Helper function to create the Job object:

func (r *RunnerGroupReconciler) constructJobForRunnerGroup(runnerGroup *giteav1alpha1.RunnerGroup, registrationToken string) (*batchv1.Job, error) {
    // Generate random suffix for name
    name := fmt.Sprintf("%s-%s", runnerGroup.Name, randString(5))

    // Construct Env Vars
    envVars := []corev1.EnvVar{
        {Name: "GITEA_INSTANCE_URL", Value: runnerGroup.Spec.GiteaURL},
        {Name: "GITEA_RUNNER_REGISTRATION_TOKEN", Value: registrationToken},
        {Name: "GITEA_RUNNER_EPHEMERAL", Value: "true"},
        {Name: "DOCKER_HOST", Value: "tcp://localhost:2376"},
        // ... other envs from README
    }

    if len(runnerGroup.Spec.Labels) > 0 {
        labelsStr := strings.Join(runnerGroup.Spec.Labels, ",")
        envVars = append(envVars, corev1.EnvVar{Name: "GITEA_RUNNER_LABELS", Value: labelsStr})
    }

    // Construct Job
    job := &batchv1.Job{
        ObjectMeta: metav1.ObjectMeta{
            Name:      name,
            Namespace: runnerGroup.Namespace,
            Labels: map[string]string{
                "app":                           runnerGroup.Name,
                "gitea.bpg.pw/runnergroup-name": runnerGroup.Name,
                "gitea.bpg.pw/managed-by":  "gitea-runner-operator",
            },
        },
        Spec: batchv1.JobSpec{
            TTLSecondsAfterFinished: pointer.Int32(600),
            Template: corev1.PodTemplateSpec{
                Spec: corev1.PodSpec{
                    RestartPolicy: corev1.RestartPolicyOnFailure,
                    Containers: []corev1.Container{
                        {
                            Name:            "runner",
                            Image:           "gitea/act_runner:nightly-dind-rootless",
                            ImagePullPolicy: corev1.PullAlways,
                            SecurityContext: &corev1.SecurityContext{Privileged: pointer.Bool(true)},
                            Env:             envVars,
                            VolumeMounts: []corev1.VolumeMount{
                                {Name: "runner-data", MountPath: "/data"},
                            },
                        },
                    },
                    Volumes: []corev1.Volume{
                        {
                            Name: "runner-data",
                            VolumeSource: corev1.VolumeSource{
                                PersistentVolumeClaim: &corev1.PersistentVolumeClaimVolumeSource{
                                    ClaimName: "act-runner-vol", // Note: Consider making this configurable or EmptyDir
                                },
                            },
                        },
                    },
                },
            },
        },
    }

    // Set Controller Reference
    if err := ctrl.SetControllerReference(runnerGroup, job, r.Scheme); err != nil {
        return nil, err
    }

    return job, nil
}

5. Gitea Client (internal/gitea/client.go)

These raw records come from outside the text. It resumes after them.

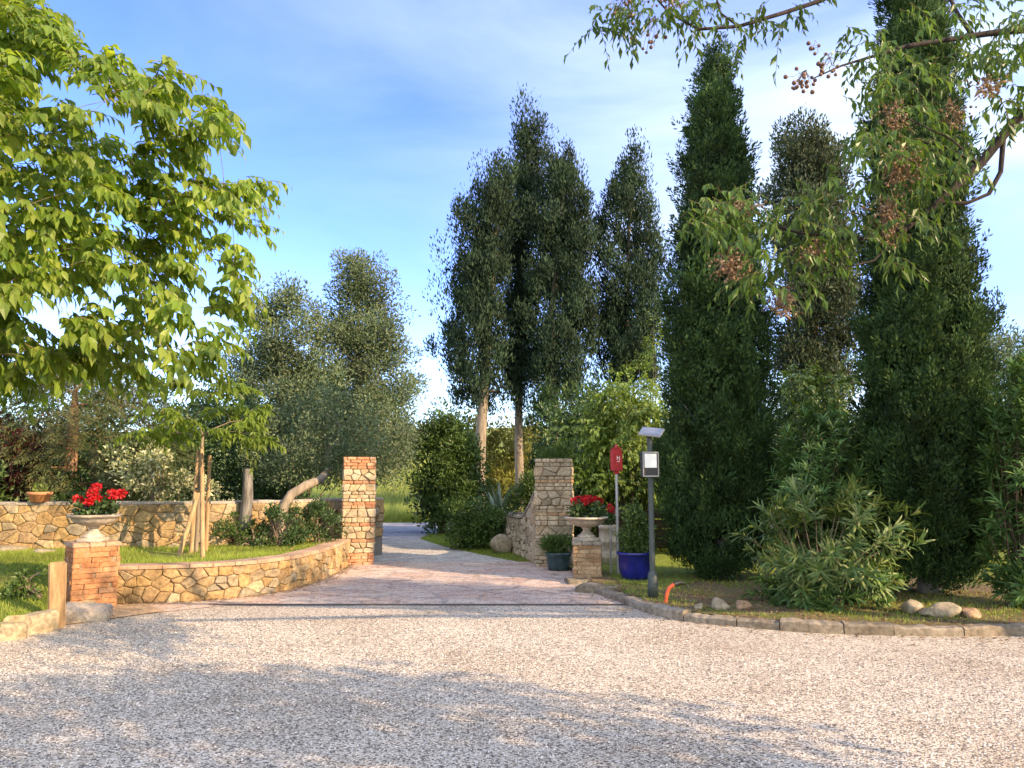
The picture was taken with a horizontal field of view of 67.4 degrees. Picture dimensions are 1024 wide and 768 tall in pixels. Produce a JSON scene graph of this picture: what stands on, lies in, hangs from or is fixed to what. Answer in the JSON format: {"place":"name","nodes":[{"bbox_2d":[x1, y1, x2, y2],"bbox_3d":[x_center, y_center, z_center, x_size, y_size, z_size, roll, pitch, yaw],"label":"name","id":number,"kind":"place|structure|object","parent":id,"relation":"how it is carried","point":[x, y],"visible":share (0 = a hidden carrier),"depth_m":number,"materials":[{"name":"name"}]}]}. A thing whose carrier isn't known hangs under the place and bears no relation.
{"place":"outdoors","nodes":[
{"label":"outdoors","id":0,"kind":"place"},
{"bbox_2d":[65,603,165,624],"bbox_3d":[-6.929,2.617,8.229,5.849,0.001,2.918,4,-8,-29],"label":"earth strip","id":1,"kind":"object","parent":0,"point":[124,609],"visible":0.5,"depth_m":9.34,"materials":[{"name":"brown soil"}]},
{"bbox_2d":[0,535,375,616],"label":"lawn","id":2,"kind":"structure","parent":0,"point":[161,553],"depth_m":11.23,"materials":[{"name":"green plant"}]},
{"bbox_2d":[0,545,28,551],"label":"rock","id":3,"kind":"object","parent":2,"relation":"on","point":[8,547],"visible":0.4,"depth_m":12.47,"materials":[{"name":"beige stone"}]},
{"bbox_2d":[0,563,47,600],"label":"garden weed","id":4,"kind":"object","parent":2,"relation":"on","point":[26,587],"visible":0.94,"depth_m":8.98,"materials":[{"name":"green plant"}]},
{"bbox_2d":[33,549,54,552],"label":"rock","id":5,"kind":"object","parent":2,"relation":"on","point":[42,550],"visible":0.23,"depth_m":12.11,"materials":[{"name":"beige stone"}]},
{"bbox_2d":[0,0,292,425],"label":"broadleaf tree","id":6,"kind":"object","parent":2,"relation":"on","point":[84,350],"visible":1,"depth_m":8.70,"materials":[{"name":"green plant"}]},
{"bbox_2d":[177,447,211,558],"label":"tree stakes","id":7,"kind":"object","parent":2,"relation":"on","point":[204,522],"visible":0.83,"depth_m":12.18,"materials":[{"name":"brown wood"}]},
{"bbox_2d":[113,366,285,552],"bbox_3d":[-4.955,1.145,12.435,2.832,3.144,1.869,0,-7,0],"label":"young tree","id":8,"kind":"object","parent":2,"relation":"on","point":[251,440],"visible":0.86,"depth_m":12.35,"materials":[{"name":"green plant"}]},
{"bbox_2d":[209,510,279,548],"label":"ground plant","id":9,"kind":"object","parent":2,"relation":"on","point":[234,528],"visible":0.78,"depth_m":13.05,"materials":[{"name":"green plant"}]},
{"bbox_2d":[238,469,252,544],"bbox_3d":[-4.674,2.206,13.539,0.261,1.415,0.248,0,-7,0],"label":"dead trunk","id":10,"kind":"object","parent":2,"relation":"on","point":[247,502],"visible":0.53,"depth_m":13.49,"materials":[{"name":"grey wood"}]},
{"bbox_2d":[249,501,312,547],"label":"ground plant","id":11,"kind":"object","parent":2,"relation":"on","point":[286,537],"visible":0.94,"depth_m":13.21,"materials":[{"name":"green plant"}]},
{"bbox_2d":[297,493,349,543],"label":"ground plant","id":12,"kind":"object","parent":2,"relation":"on","point":[320,510],"visible":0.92,"depth_m":13.71,"materials":[{"name":"green plant"}]},
{"bbox_2d":[235,377,421,536],"bbox_3d":[-3.862,1.611,16.845,4.176,3.417,4.569,5,-9,-36],"label":"leaning tree","id":13,"kind":"object","parent":2,"relation":"on","point":[287,465],"visible":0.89,"depth_m":16.55,"materials":[{"name":"green plant"}]},
{"bbox_2d":[143,562,629,613],"bbox_3d":[-2.268,3.096,12.065,8.073,0.001,5.818,1,-7,-9],"label":"paved apron","id":14,"kind":"object","parent":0,"point":[453,583],"visible":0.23,"depth_m":11.25,"materials":[{"name":"grey stone"}]},
{"bbox_2d":[536,532,572,570],"bbox_3d":[0.814,2.942,13.574,0.767,0.677,0.614,0,-7,0],"label":"glazed pot","id":15,"kind":"object","parent":14,"relation":"on","point":[557,553],"visible":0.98,"depth_m":13.43,"materials":[{"name":"teal ceramic"}]},
{"bbox_2d":[564,577,588,584],"bbox_3d":[1.001,3.056,11.858,0.342,0.107,0.358,1,-7,-7],"label":"stone step","id":16,"kind":"object","parent":14,"relation":"on","point":[571,580],"visible":0.65,"depth_m":11.72,"materials":[{"name":"stone"}]},
{"bbox_2d":[575,583,620,592],"bbox_3d":[1.253,2.930,10.964,0.634,0.134,0.429,-3,-8,20],"label":"stone step","id":17,"kind":"object","parent":14,"relation":"on","point":[582,588],"visible":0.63,"depth_m":10.83,"materials":[{"name":"stone"}]},
{"bbox_2d":[0,425,860,565],"bbox_3d":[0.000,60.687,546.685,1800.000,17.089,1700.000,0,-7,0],"label":"ground","id":18,"kind":"structure","parent":0,"point":[382,490],"depth_m":41.56,"materials":[{"name":"plant"}]},
{"bbox_2d":[0,405,54,501],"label":"red leaf shrub","id":19,"kind":"object","parent":18,"relation":"on","point":[10,477],"visible":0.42,"depth_m":14.24,"materials":[{"name":"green plant"}]},
{"bbox_2d":[0,460,90,501],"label":"laurel shrub","id":20,"kind":"object","parent":18,"relation":"on","point":[63,496],"visible":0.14,"depth_m":13.99,"materials":[{"name":"green plant"}]},
{"bbox_2d":[0,383,176,501],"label":"evergreen shrub","id":21,"kind":"object","parent":18,"relation":"on","point":[93,438],"visible":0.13,"depth_m":17.31,"materials":[{"name":"green plant"}]},
{"bbox_2d":[64,539,121,606],"bbox_3d":[-5.337,2.431,9.727,0.559,0.865,0.565,6,-9,-40],"label":"brick pedestal","id":22,"kind":"object","parent":18,"relation":"on","point":[92,572],"visible":0.84,"depth_m":9.54,"materials":[{"name":"orange brick"}]},
{"bbox_2d":[66,483,127,541],"bbox_3d":[-5.310,1.634,9.824,0.682,0.741,0.630,0,-7,0],"label":"flower urn","id":23,"kind":"object","parent":22,"relation":"on","point":[92,515],"visible":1,"depth_m":9.71,"materials":[{"name":"stone"}]},
{"bbox_2d":[0,361,211,501],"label":"pine tree","id":24,"kind":"object","parent":18,"relation":"on","point":[74,437],"visible":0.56,"depth_m":14.65,"materials":[{"name":"plant"}]},
{"bbox_2d":[0,337,237,501],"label":"evergreen shrub","id":25,"kind":"object","parent":18,"relation":"on","point":[151,401],"visible":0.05,"depth_m":20.89,"materials":[{"name":"green plant"}]},
{"bbox_2d":[96,438,234,545],"bbox_3d":[-6.267,2.119,13.864,2.308,2.518,1.821,0,-7,0],"label":"variegated shrub","id":26,"kind":"object","parent":18,"relation":"on","point":[153,460],"visible":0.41,"depth_m":13.98,"materials":[{"name":"green plant"}]},
{"bbox_2d":[0,497,384,555],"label":"garden wall","id":27,"kind":"structure","parent":18,"relation":"on","point":[46,525],"depth_m":13.04,"materials":[{"name":"stone"}]},
{"bbox_2d":[26,482,52,501],"bbox_3d":[-7.941,1.809,12.926,0.390,0.356,0.390,0,-7,0],"label":"clay pot","id":28,"kind":"object","parent":27,"relation":"on","point":[37,496],"visible":1,"depth_m":12.81,"materials":[{"name":"brown ceramic"}]},
{"bbox_2d":[114,366,310,501],"bbox_3d":[-7.070,1.967,18.171,4.696,4.882,3.702,0,-7,0],"label":"evergreen shrub","id":29,"kind":"object","parent":18,"relation":"on","point":[233,480],"visible":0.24,"depth_m":18.00,"materials":[{"name":"green plant"}]},
{"bbox_2d":[116,539,350,603],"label":"garden wall","id":30,"kind":"structure","parent":18,"relation":"on","point":[172,582],"depth_m":10.35,"materials":[{"name":"stone"}]},
{"bbox_2d":[215,342,267,460],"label":"grey green tree","id":31,"kind":"object","parent":18,"relation":"on","point":[230,375],"visible":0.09,"depth_m":21.41,"materials":[{"name":"green plant"}]},
{"bbox_2d":[222,270,357,487],"bbox_3d":[-5.731,0.457,19.641,3.038,7.136,3.020,-6,-9,41],"label":"grey green tree","id":32,"kind":"object","parent":18,"relation":"on","point":[287,374],"visible":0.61,"depth_m":19.48,"materials":[{"name":"green plant"}]},
{"bbox_2d":[231,421,356,499],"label":"evergreen shrub","id":33,"kind":"object","parent":18,"relation":"on","point":[305,479],"visible":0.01,"depth_m":19.98,"materials":[{"name":"green plant"}]},
{"bbox_2d":[340,457,376,564],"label":"gate pillar","id":34,"kind":"structure","parent":18,"relation":"on","point":[358,511],"depth_m":14.51,"materials":[{"name":"stone"}]},
{"bbox_2d":[297,245,432,494],"bbox_3d":[-4.223,0.144,21.258,4.060,8.146,3.530,0,-7,0],"label":"grey green tree","id":35,"kind":"object","parent":18,"relation":"on","point":[363,348],"visible":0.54,"depth_m":20.95,"materials":[{"name":"green plant"}]},
{"bbox_2d":[397,396,497,533],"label":"evergreen tree","id":36,"kind":"object","parent":18,"relation":"on","point":[439,478],"visible":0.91,"depth_m":22.45,"materials":[{"name":"green plant"}]},
{"bbox_2d":[422,147,524,502],"bbox_3d":[-1.548,-2.162,29.366,4.064,14.822,3.268,3,-8,-23],"label":"tall cypress","id":37,"kind":"object","parent":18,"relation":"on","point":[483,265],"visible":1,"depth_m":29.06,"materials":[{"name":"green plant"}]},
{"bbox_2d":[438,495,508,550],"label":"rounded shrub","id":38,"kind":"object","parent":18,"relation":"on","point":[479,523],"visible":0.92,"depth_m":17.50,"materials":[{"name":"green plant"}]},
{"bbox_2d":[465,482,522,534],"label":"agave","id":39,"kind":"object","parent":18,"relation":"on","point":[496,499],"visible":0.26,"depth_m":19.83,"materials":[{"name":"green plant"}]},
{"bbox_2d":[490,534,512,553],"bbox_3d":[-0.234,3.477,16.743,0.408,0.419,0.390,4,-8,-31],"label":"boulder","id":40,"kind":"object","parent":18,"relation":"on","point":[501,543],"visible":0.94,"depth_m":16.62,"materials":[{"name":"grey stone"}]},
{"bbox_2d":[456,405,547,503],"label":"golden bush","id":41,"kind":"object","parent":18,"relation":"on","point":[502,470],"visible":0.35,"depth_m":34.93,"materials":[{"name":"green plant"}]},
{"bbox_2d":[420,532,596,561],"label":"verge grass","id":42,"kind":"structure","parent":18,"relation":"on","point":[441,542],"depth_m":17.75,"materials":[{"name":"green plant"}]},
{"bbox_2d":[502,490,536,563],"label":"curved gate wall","id":43,"kind":"structure","parent":18,"relation":"on","point":[520,532],"depth_m":15.62,"materials":[{"name":"grey stone"}]},
{"bbox_2d":[503,466,536,518],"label":"fern plant","id":44,"kind":"object","parent":43,"relation":"on","point":[524,489],"visible":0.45,"depth_m":16.51,"materials":[{"name":"green plant"}]},
{"bbox_2d":[492,82,557,502],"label":"tall cypress","id":45,"kind":"object","parent":18,"relation":"on","point":[527,146],"visible":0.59,"depth_m":31.52,"materials":[{"name":"green plant"}]},
{"bbox_2d":[520,374,560,508],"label":"slim dark cypress","id":46,"kind":"object","parent":18,"relation":"on","point":[543,394],"visible":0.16,"depth_m":26.01,"materials":[{"name":"green plant"}]},
{"bbox_2d":[533,459,573,566],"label":"gate pillar","id":47,"kind":"structure","parent":18,"relation":"on","point":[554,492],"depth_m":14.18,"materials":[{"name":"beige stone"}]},
{"bbox_2d":[536,438,576,458],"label":"pillar top plant","id":48,"kind":"object","parent":47,"relation":"on","point":[560,450],"visible":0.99,"depth_m":14.42,"materials":[{"name":"green plant"}]},
{"bbox_2d":[511,129,607,443],"bbox_3d":[1.865,-2.493,30.089,3.809,15.673,4.429,0,-7,0],"label":"tall cypress","id":49,"kind":"object","parent":18,"relation":"on","point":[554,278],"visible":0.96,"depth_m":29.63,"materials":[{"name":"green plant"}]},
{"bbox_2d":[545,369,639,527],"bbox_3d":[2.764,2.349,25.058,3.579,5.740,4.225,0,-7,0],"label":"evergreen shrub","id":50,"kind":"object","parent":18,"relation":"on","point":[589,392],"visible":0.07,"depth_m":24.98,"materials":[{"name":"green plant"}]},
{"bbox_2d":[583,124,670,394],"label":"tall cypress","id":51,"kind":"object","parent":18,"relation":"on","point":[624,334],"visible":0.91,"depth_m":30.56,"materials":[{"name":"green plant"}]},
{"bbox_2d":[619,313,671,489],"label":"light green tree","id":52,"kind":"object","parent":18,"relation":"on","point":[646,356],"visible":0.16,"depth_m":24.16,"materials":[{"name":"green plant"}]},
{"bbox_2d":[584,582,1023,636],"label":"kerb","id":53,"kind":"structure","parent":18,"relation":"on","point":[887,628],"depth_m":8.04,"materials":[{"name":"stone"}]},
{"bbox_2d":[374,532,517,561],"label":"driveway","id":54,"kind":"structure","parent":0,"point":[405,547],"depth_m":16.80,"materials":[{"name":"grey stone"}]},
{"bbox_2d":[296,448,642,521],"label":"field grass","id":55,"kind":"structure","parent":0,"point":[395,511],"depth_m":37.40,"materials":[{"name":"plant"}]},
{"bbox_2d":[0,606,1023,767],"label":"gravel yard","id":56,"kind":"structure","parent":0,"point":[745,640],"depth_m":5.76,"materials":[{"name":"grey gravel"}]},
{"bbox_2d":[0,621,28,640],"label":"edging stone","id":57,"kind":"object","parent":56,"relation":"on","point":[13,630],"visible":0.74,"depth_m":7.69,"materials":[{"name":"beige stone"}]},
{"bbox_2d":[3,609,58,634],"bbox_3d":[-5.043,2.516,8.022,0.255,0.257,0.522,-4,-8,32],"label":"edging stone","id":58,"kind":"object","parent":56,"relation":"on","point":[47,620],"visible":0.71,"depth_m":8.05,"materials":[{"name":"beige stone"}]},
{"bbox_2d":[48,561,66,627],"bbox_3d":[-4.960,2.347,8.369,0.192,0.807,0.155,2,-7,-18],"label":"wooden post","id":59,"kind":"object","parent":56,"relation":"on","point":[57,576],"visible":0.6,"depth_m":8.32,"materials":[{"name":"brown wood"}]},
{"bbox_2d":[65,602,113,622],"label":"stone slab","id":60,"kind":"structure","parent":56,"relation":"on","point":[82,612],"depth_m":8.67,"materials":[{"name":"grey stone"}]},
{"bbox_2d":[213,604,626,605],"bbox_3d":[-0.950,2.814,9.786,5.700,0.020,0.055,0,-7,0],"label":"drain channel","id":61,"kind":"object","parent":56,"relation":"on","point":[422,604],"visible":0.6,"depth_m":9.76,"materials":[{"name":"grey metal"}]},
{"bbox_2d":[563,0,1023,327],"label":"chinaberry tree","id":62,"kind":"object","parent":56,"relation":"on","point":[916,154],"visible":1,"depth_m":4.78,"materials":[{"name":"green plant"}]},
{"bbox_2d":[0,0,1023,431],"label":"sky","id":63,"kind":"structure","parent":0,"point":[373,113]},
{"bbox_2d":[383,523,772,531],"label":"road","id":64,"kind":"structure","parent":0,"point":[400,527],"depth_m":25.35,"materials":[{"name":"grey asphalt"}]},
{"bbox_2d":[569,547,1023,624],"bbox_3d":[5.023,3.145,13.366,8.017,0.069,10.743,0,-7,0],"label":"grass","id":65,"kind":"structure","parent":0,"point":[865,614],"depth_m":9.74,"materials":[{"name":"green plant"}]},
{"bbox_2d":[118,544,1023,645],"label":"leaf litter","id":66,"kind":"object","parent":65,"relation":"on","point":[819,613],"visible":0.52,"depth_m":9.32,"materials":[{"name":"plant"}]},
{"bbox_2d":[528,391,644,536],"bbox_3d":[1.981,2.403,19.202,3.356,4.597,3.423,0,-7,0],"label":"hedge shrub","id":67,"kind":"object","parent":65,"relation":"on","point":[560,415],"visible":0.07,"depth_m":19.01,"materials":[{"name":"green plant"}]},
{"bbox_2d":[572,539,601,581],"bbox_3d":[1.196,2.835,12.213,0.476,0.675,0.473,0,-7,4],"label":"brick pedestal","id":68,"kind":"object","parent":65,"relation":"on","point":[587,561],"visible":0.91,"depth_m":12.01,"materials":[{"name":"beige brick"}]},
{"bbox_2d":[565,495,607,541],"bbox_3d":[1.192,2.138,12.301,0.700,0.729,0.700,0,-7,0],"label":"flower urn","id":69,"kind":"object","parent":68,"relation":"on","point":[594,517],"visible":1,"depth_m":12.19,"materials":[{"name":"stone"}]},
{"bbox_2d":[638,427,664,597],"bbox_3d":[1.810,1.659,9.922,0.312,2.245,0.305,-3,-8,24],"label":"solar floodlight","id":70,"kind":"object","parent":65,"relation":"on","point":[649,460],"visible":0.98,"depth_m":9.95,"materials":[{"name":"grey paint"}]},
{"bbox_2d":[664,581,683,602],"bbox_3d":[2.001,2.569,9.473,0.267,0.276,0.060,1,-7,-7],"label":"pipe","id":71,"kind":"object","parent":65,"relation":"on","point":[672,585],"visible":0.95,"depth_m":9.46,"materials":[{"name":"orange plastic"}]},
{"bbox_2d":[693,603,702,608],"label":"rock","id":72,"kind":"object","parent":65,"relation":"on","point":[699,605],"visible":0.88,"depth_m":8.99,"materials":[{"name":"grey stone"}]},
{"bbox_2d":[637,32,793,580],"bbox_3d":[3.170,-1.398,12.454,2.374,9.145,2.473,0,-7,0],"label":"cypress tree","id":73,"kind":"object","parent":65,"relation":"on","point":[716,459],"visible":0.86,"depth_m":11.82,"materials":[{"name":"green plant"}]},
{"bbox_2d":[711,597,729,609],"bbox_3d":[2.453,2.582,9.030,0.227,0.142,0.193,0,-7,0],"label":"rock","id":74,"kind":"object","parent":65,"relation":"on","point":[720,603],"visible":0.89,"depth_m":8.97,"materials":[{"name":"grey stone"}]},
{"bbox_2d":[736,600,752,609],"bbox_3d":[2.724,2.593,9.005,0.186,0.117,0.184,-2,-7,19],"label":"rock","id":75,"kind":"object","parent":65,"relation":"on","point":[743,605],"visible":0.92,"depth_m":8.95,"materials":[{"name":"beige stone"}]},
{"bbox_2d":[756,102,868,450],"bbox_3d":[7.551,-1.517,18.811,2.876,10.851,2.895,-6,-9,41],"label":"loose cypress","id":76,"kind":"object","parent":65,"relation":"on","point":[807,156],"visible":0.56,"depth_m":18.53,"materials":[{"name":"green plant"}]},
{"bbox_2d":[766,410,869,541],"bbox_3d":[7.337,2.819,18.808,5.162,4.727,4.197,-6,-9,40],"label":"hedge shrub","id":77,"kind":"object","parent":65,"relation":"on","point":[796,452],"visible":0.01,"depth_m":18.01,"materials":[{"name":"green plant"}]},
{"bbox_2d":[769,352,867,555],"bbox_3d":[6.260,1.754,15.536,3.473,4.796,2.644,0,-7,0],"label":"broadleaf shrub","id":78,"kind":"object","parent":65,"relation":"on","point":[804,385],"visible":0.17,"depth_m":15.23,"materials":[{"name":"green plant"}]},
{"bbox_2d":[762,400,881,556],"bbox_3d":[4.318,1.525,10.800,1.678,2.658,1.547,0,-7,0],"label":"oleander","id":79,"kind":"object","parent":65,"relation":"on","point":[824,452],"visible":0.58,"depth_m":10.67,"materials":[{"name":"green plant"}]},
{"bbox_2d":[739,547,908,612],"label":"oleander","id":80,"kind":"object","parent":65,"relation":"on","point":[847,594],"visible":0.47,"depth_m":9.10,"materials":[{"name":"green plant"}]},
{"bbox_2d":[728,471,934,610],"bbox_3d":[3.916,1.993,9.430,2.500,1.866,2.080,0,-7,0],"label":"oleander","id":81,"kind":"object","parent":65,"relation":"on","point":[789,556],"visible":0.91,"depth_m":9.13,"materials":[{"name":"green plant"}]},
{"bbox_2d":[900,599,923,614],"bbox_3d":[4.561,2.536,8.750,0.198,0.173,0.309,0,-7,0],"label":"rock","id":82,"kind":"object","parent":65,"relation":"on","point":[911,606],"visible":0.85,"depth_m":8.65,"materials":[{"name":"beige stone"}]},
{"bbox_2d":[919,607,934,616],"bbox_3d":[4.621,2.532,8.536,0.160,0.116,0.174,0,-7,0],"label":"rock","id":83,"kind":"object","parent":65,"relation":"on","point":[928,612],"visible":0.94,"depth_m":8.49,"materials":[{"name":"grey stone"}]},
{"bbox_2d":[844,0,1013,598],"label":"cypress tree","id":84,"kind":"object","parent":65,"relation":"on","point":[926,396],"visible":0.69,"depth_m":10.21,"materials":[{"name":"green plant"}]},
{"bbox_2d":[931,602,961,616],"bbox_3d":[4.801,2.506,8.521,0.312,0.172,0.196,0,-7,0],"label":"rock","id":85,"kind":"object","parent":65,"relation":"on","point":[946,609],"visible":0.85,"depth_m":8.46,"materials":[{"name":"beige stone"}]},
{"bbox_2d":[962,607,980,618],"bbox_3d":[5.064,2.526,8.461,0.235,0.114,0.193,0,-7,0],"label":"rock","id":86,"kind":"object","parent":65,"relation":"on","point":[974,613],"visible":0.88,"depth_m":8.41,"materials":[{"name":"brown stone"}]},
{"bbox_2d":[970,286,1010,557],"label":"cypress","id":87,"kind":"object","parent":65,"relation":"on","point":[993,366],"visible":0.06,"depth_m":15.01,"materials":[{"name":"green plant"}]},
{"bbox_2d":[966,351,1023,609],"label":"oleander","id":88,"kind":"object","parent":65,"relation":"on","point":[1008,532],"visible":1,"depth_m":9.36,"materials":[{"name":"green plant"}]},
{"bbox_2d":[996,338,1023,543],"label":"cypress","id":89,"kind":"object","parent":65,"relation":"on","point":[1016,352],"visible":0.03,"depth_m":17.11,"materials":[{"name":"green plant"}]},
{"bbox_2d":[602,540,1009,586],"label":"side lawn","id":90,"kind":"structure","parent":0,"point":[665,577],"depth_m":12.53,"materials":[{"name":"plant"}]},
{"bbox_2d":[537,364,672,551],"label":"light green tree","id":91,"kind":"object","parent":90,"relation":"on","point":[643,412],"visible":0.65,"depth_m":16.74,"materials":[{"name":"green plant"}]},
{"bbox_2d":[598,503,616,564],"bbox_3d":[1.726,2.679,13.775,0.367,1.087,0.364,0,-7,0],"label":"banded planter","id":92,"kind":"object","parent":90,"relation":"on","point":[603,528],"visible":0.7,"depth_m":13.63,"materials":[{"name":"stone"}]},
{"bbox_2d":[609,444,622,573],"bbox_3d":[1.691,2.040,12.454,0.184,2.112,0.170,3,-8,-20],"label":"red post box","id":93,"kind":"object","parent":90,"relation":"on","point":[616,464],"visible":0.94,"depth_m":12.46,"materials":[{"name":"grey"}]},
{"bbox_2d":[597,507,673,546],"bbox_3d":[3.300,2.964,15.397,3.200,1.000,0.120,0,-7,0],"label":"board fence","id":94,"kind":"object","parent":90,"relation":"on","point":[656,522],"visible":0.08,"depth_m":15.35,"materials":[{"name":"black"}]},
{"bbox_2d":[614,497,657,579],"bbox_3d":[1.910,2.360,11.822,0.687,1.251,0.645,0,-7,0],"label":"glazed pot","id":95,"kind":"object","parent":90,"relation":"on","point":[633,557],"visible":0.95,"depth_m":11.65,"materials":[{"name":"blue ceramic"}]},
{"bbox_2d":[988,315,1023,440],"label":"pale bush","id":96,"kind":"object","parent":90,"relation":"on","point":[1007,341],"visible":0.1,"depth_m":26.92,"materials":[{"name":"green plant"}]}
]}

A simple HTTP client wrapper to interact with Gitea.

5.1 Interface

type Client interface {
    GetQueuedRuns(ctx context.Context, scope RunnerGroupScope, owner, repo string, labels []string) (int, error)
}

5.2 Implementation Details

  • Endpoint: /api/v1/repos/{owner}/{repo}/actions/runs
  • Query Params: status=queued
  • Filtering:
    • The API might return all queued runs.
    • The client must filter these runs locally to ensure they match the labels defined in the RunnerGroup CR.
    • Note: Gitea API might not support filtering by labels directly in the list endpoint, so client-side filtering is necessary.

6. Configuration & Deployment

6.1 Dockerfile

Standard Operator SDK Dockerfile. Ensure the base image is minimal (e.g., gcr.io/distroless/static:nonroot).

6.2 Kustomize

Update config/default/kustomization.yaml to include the CRD and RBAC configurations.

7. Testing Strategy

  1. Unit Tests:
    • Test constructJobForRunnerGroup to ensure Env vars and Labels are set correctly.
    • Test Gitea Client response parsing.
  2. Integration Tests (EnvTest):
    • Spin up a local k8s control plane.
    • Create a RunnerGroup CR.
    • Verify the controller creates a Job when the mocked Gitea client returns queued jobs.
    • Verify the controller respects MaxActiveRunners.